● **PROBLEM**:
Pick out every line of the entries below where "motion" occurs, and copy those lines.

(Dataset entries)
- - -

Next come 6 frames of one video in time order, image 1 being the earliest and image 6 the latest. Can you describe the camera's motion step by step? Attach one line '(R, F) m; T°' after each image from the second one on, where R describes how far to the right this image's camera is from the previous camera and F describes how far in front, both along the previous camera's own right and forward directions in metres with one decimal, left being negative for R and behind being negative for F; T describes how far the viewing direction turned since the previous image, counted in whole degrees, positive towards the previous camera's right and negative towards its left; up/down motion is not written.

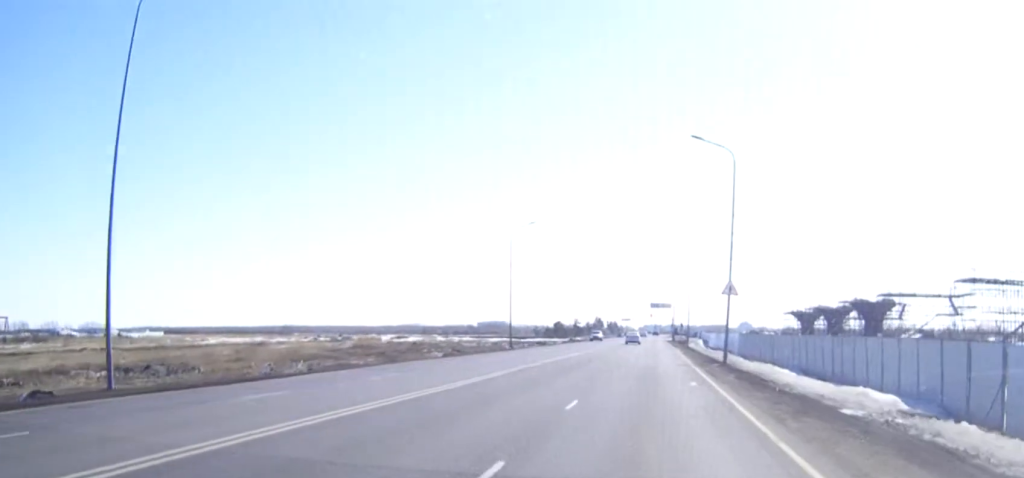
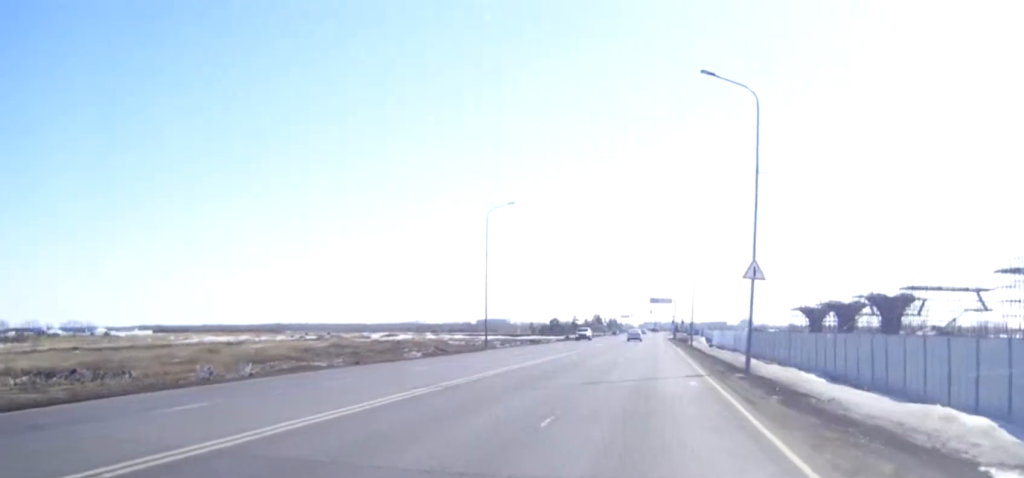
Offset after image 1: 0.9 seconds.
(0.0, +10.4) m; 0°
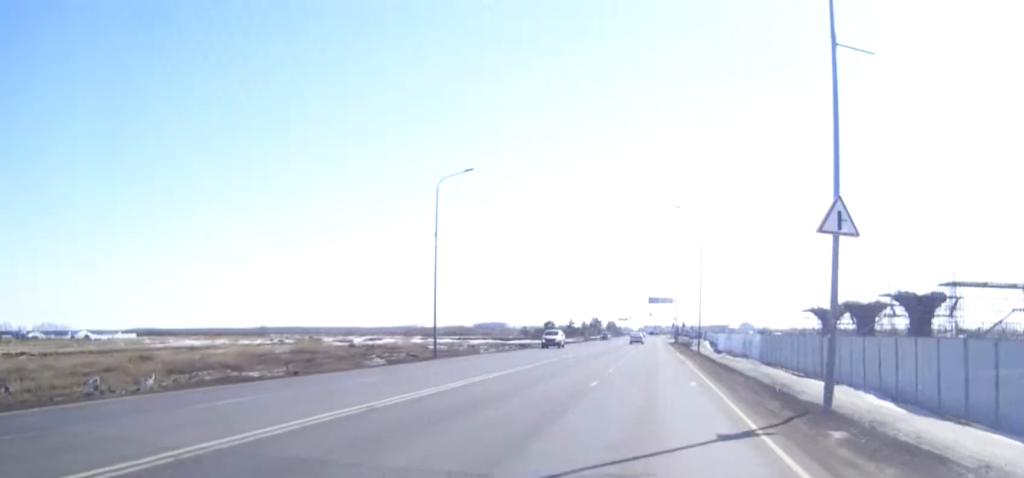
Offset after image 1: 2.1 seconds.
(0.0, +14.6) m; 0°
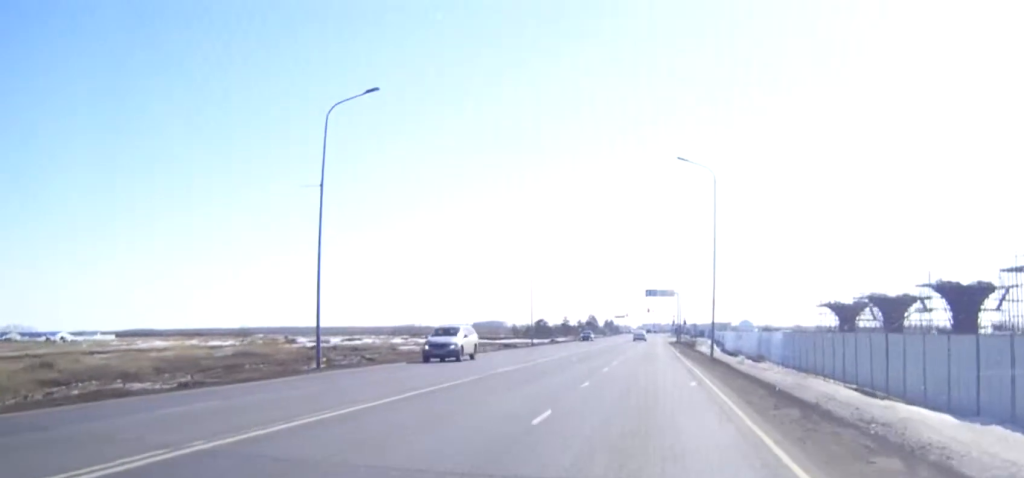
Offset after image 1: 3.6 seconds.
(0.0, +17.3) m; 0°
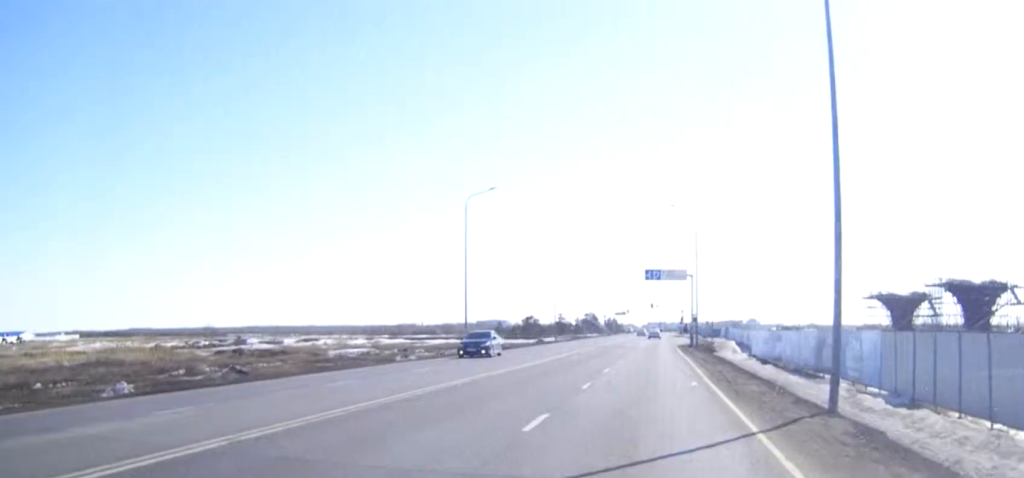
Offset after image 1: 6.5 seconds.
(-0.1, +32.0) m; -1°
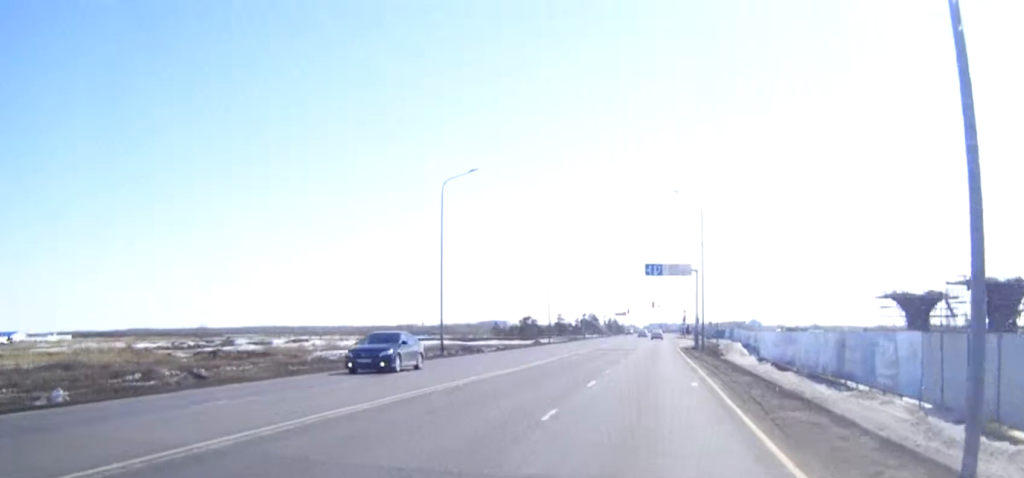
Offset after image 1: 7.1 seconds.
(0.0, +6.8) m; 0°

- - -

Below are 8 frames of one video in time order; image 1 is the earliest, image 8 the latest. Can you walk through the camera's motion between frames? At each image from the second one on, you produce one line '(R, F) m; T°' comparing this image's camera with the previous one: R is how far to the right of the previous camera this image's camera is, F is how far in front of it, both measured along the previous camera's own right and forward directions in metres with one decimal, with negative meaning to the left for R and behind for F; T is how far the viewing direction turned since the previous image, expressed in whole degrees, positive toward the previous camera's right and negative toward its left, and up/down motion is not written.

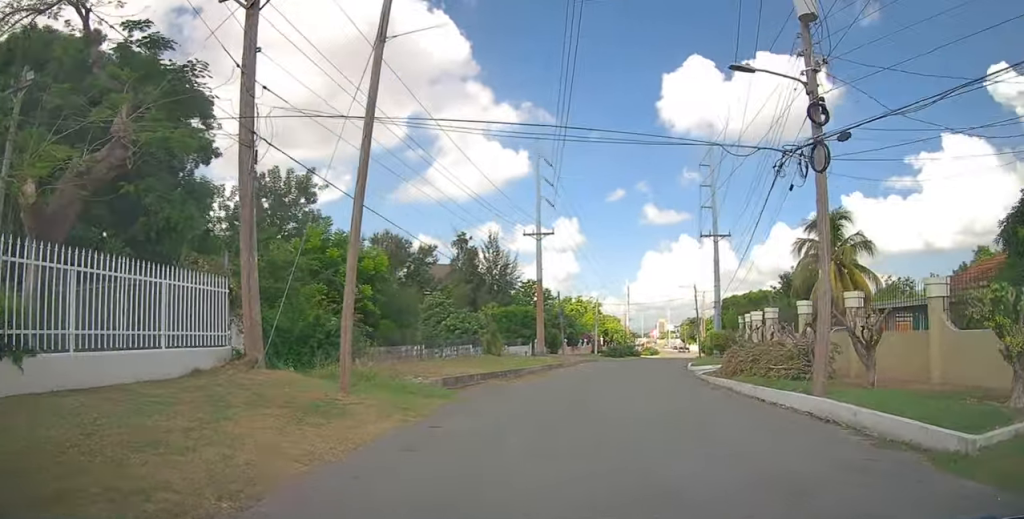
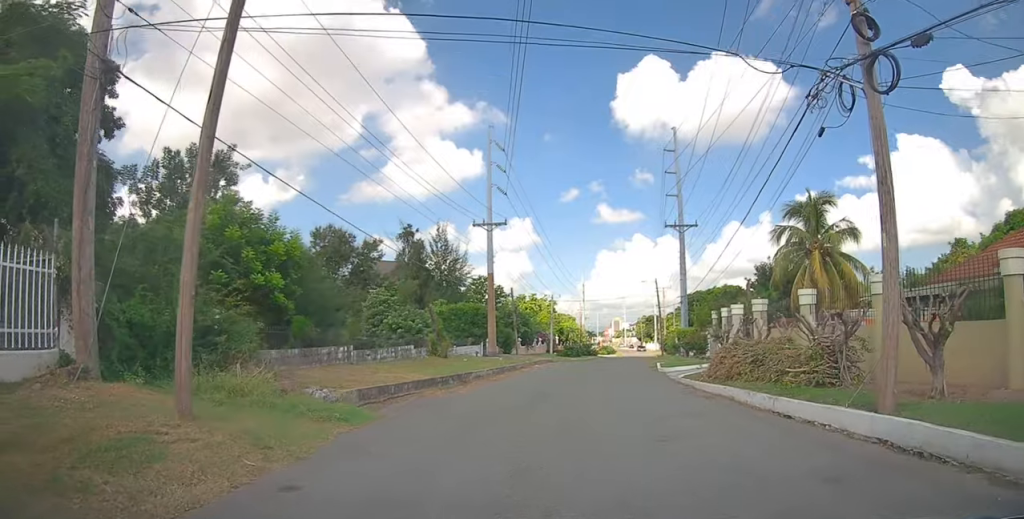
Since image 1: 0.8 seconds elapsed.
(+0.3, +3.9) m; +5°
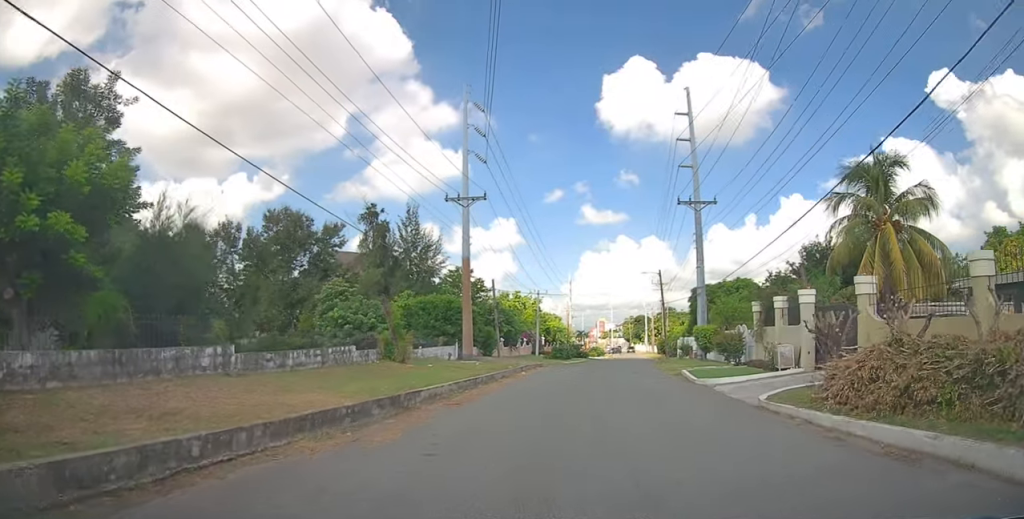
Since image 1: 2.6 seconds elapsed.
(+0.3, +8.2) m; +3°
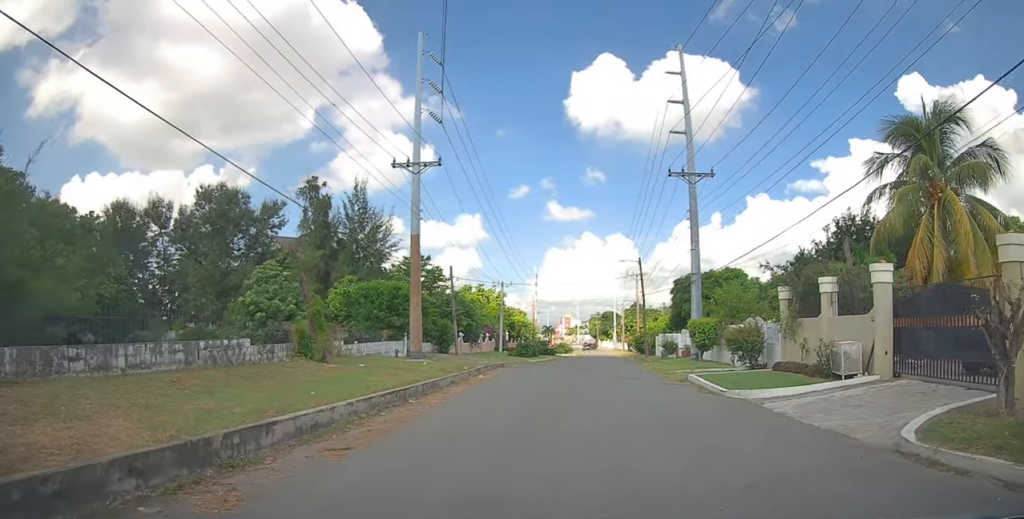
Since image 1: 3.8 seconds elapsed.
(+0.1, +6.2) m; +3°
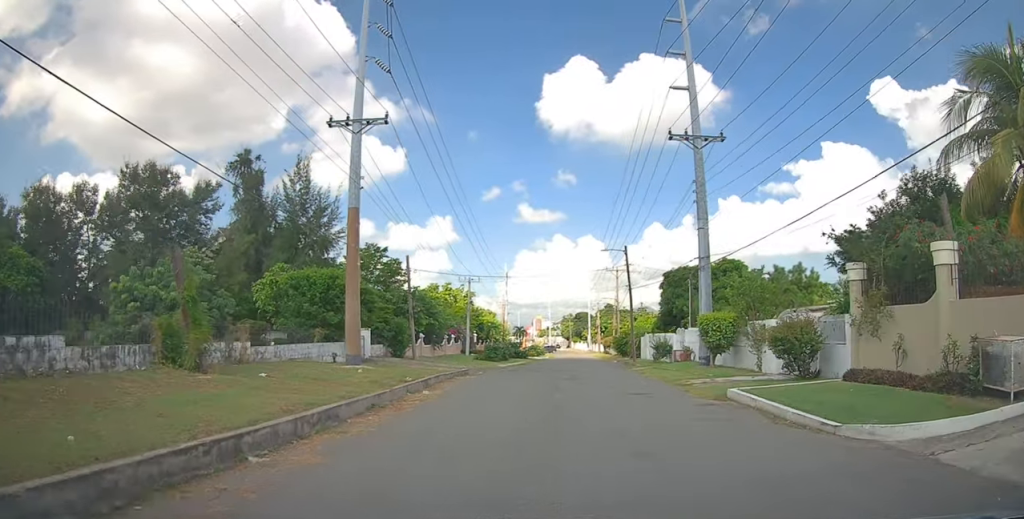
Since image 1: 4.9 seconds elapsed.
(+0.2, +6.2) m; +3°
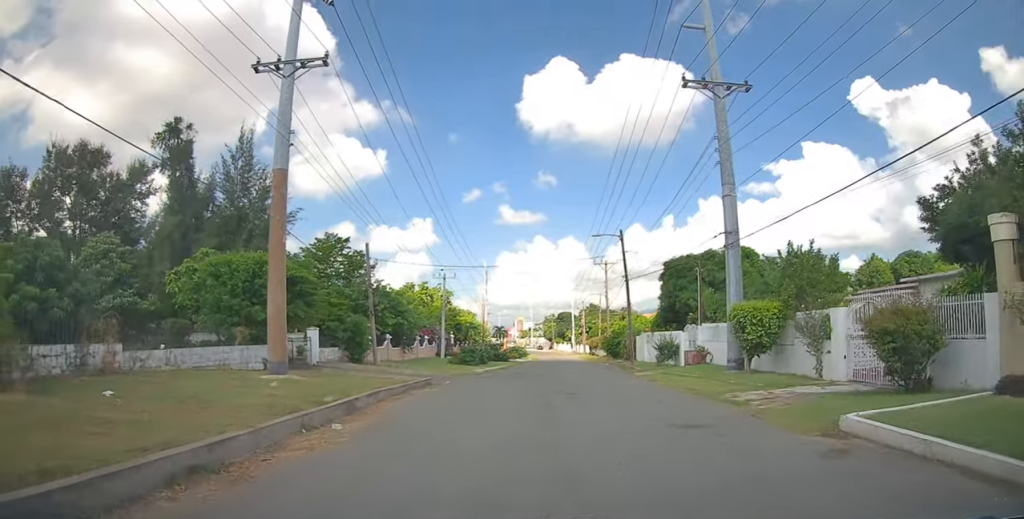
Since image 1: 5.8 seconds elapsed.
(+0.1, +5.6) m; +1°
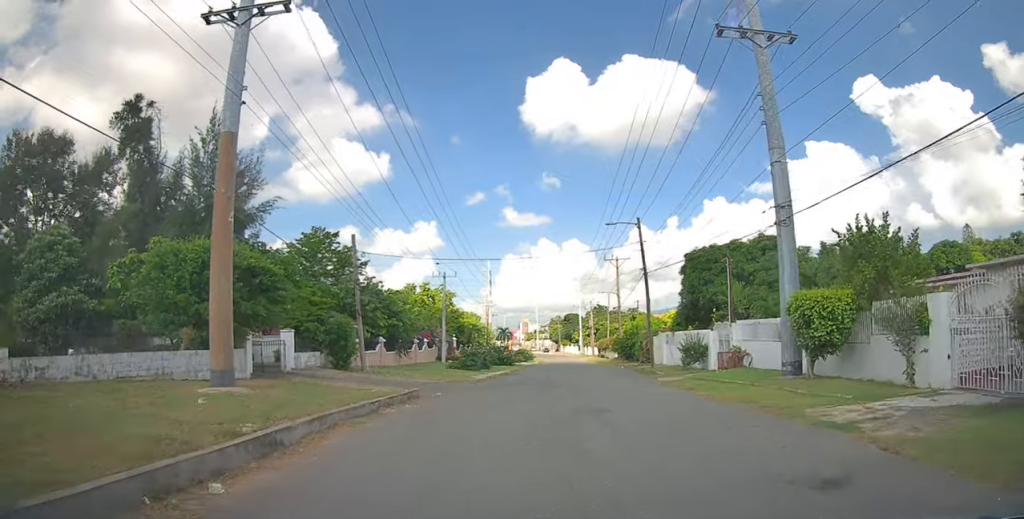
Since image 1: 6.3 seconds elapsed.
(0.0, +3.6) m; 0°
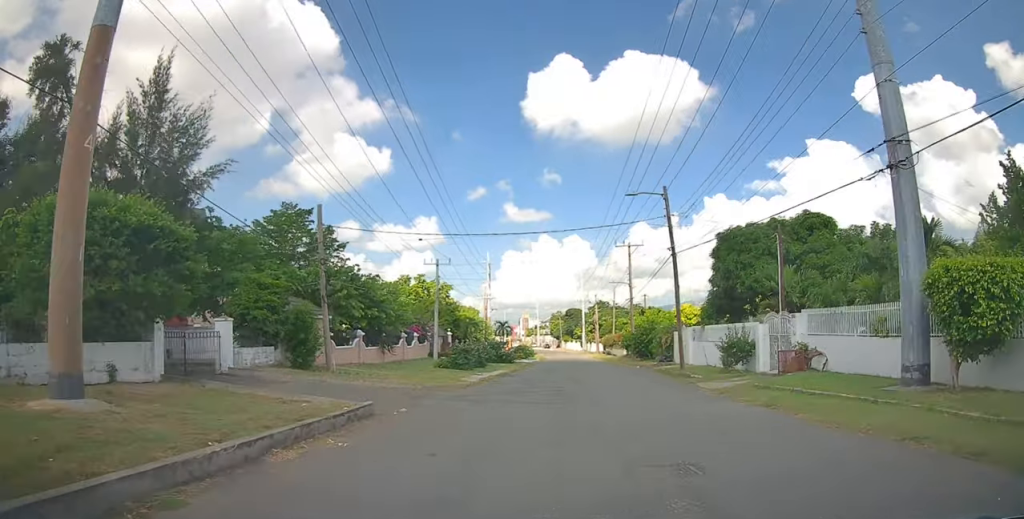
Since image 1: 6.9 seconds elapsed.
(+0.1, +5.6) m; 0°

- - -

● **SOLUTION FOR THIS PROBLEM**:
Next come 6 frames of one video in time order, image 1 being the earliest and image 6 the latest. Can you describe the camera's motion step by step? Attach one line '(R, F) m; T°' after each image from the second one on, where R describes how far to the right this image's camera is from the previous camera and F describes how far in front, both along the previous camera's own right and forward directions in metres with one decimal, left being negative for R and behind being negative for F; T describes how far the viewing direction turned since the previous image, counted in whole degrees, positive towards the previous camera's right and negative towards its left; up/down motion is not written.
Below are 8 frames of one video in time order; image 1 is the earliest, image 8 the latest. Can you walk through the camera's motion between frames? At each image from the second one on, you produce one line '(R, F) m; T°' comparing this image's camera with the previous one: R is how far to the right of the previous camera this image's camera is, F is how far in front of it, both measured along the previous camera's own right and forward directions in metres with one decimal, with negative meaning to the left for R and behind for F; T is how far the viewing direction turned since the previous image, expressed in whole degrees, positive toward the previous camera's right and negative toward its left, and up/down motion is not written.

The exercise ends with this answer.